§ **Problem requirements**
Please retype the listing exactly as it appears, skipping each picture.

§ **Entries provided**
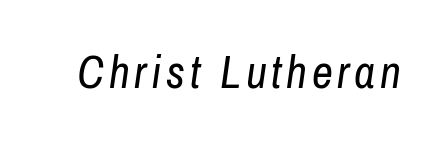
Q: Is the text bold? A: No.
Q: Is the text italic (slanted)? A: Yes, it leans right by about 8 degrees.
Q: Is the text underlined? A: No.
Q: Width (condensed, normal, or wide)? A: Condensed.
Q: Stroke contrast? A: Low.
Q: x-height? A: Medium.
Q: Monospaced? A: No.
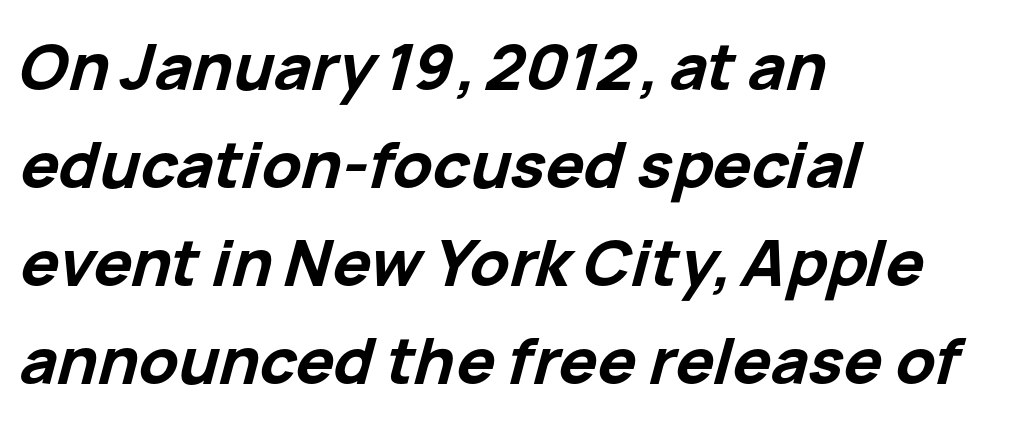
The rendering uses a moderate line-height, typical for paragraphs. Rendered with sloped, italic letterforms. Underlining? Definitely not there. Its strokes are broad and dark, the hallmark of bold type.

§ **Response box**
Q: Is the text bold? A: No.
Q: Is the text italic (slanted)? A: Yes, it leans right by about 8 degrees.
Q: Is the text underlined? A: No.
Q: Width (condensed, normal, or wide)? A: Condensed.
Q: Stroke contrast? A: Low.
Q: x-height? A: Medium.
Q: Monospaced? A: No.
The rendering uses a moderate line-height, typical for paragraphs. Rendered with sloped, italic letterforms. Underlining? Definitely not there. Its strokes are broad and dark, the hallmark of bold type.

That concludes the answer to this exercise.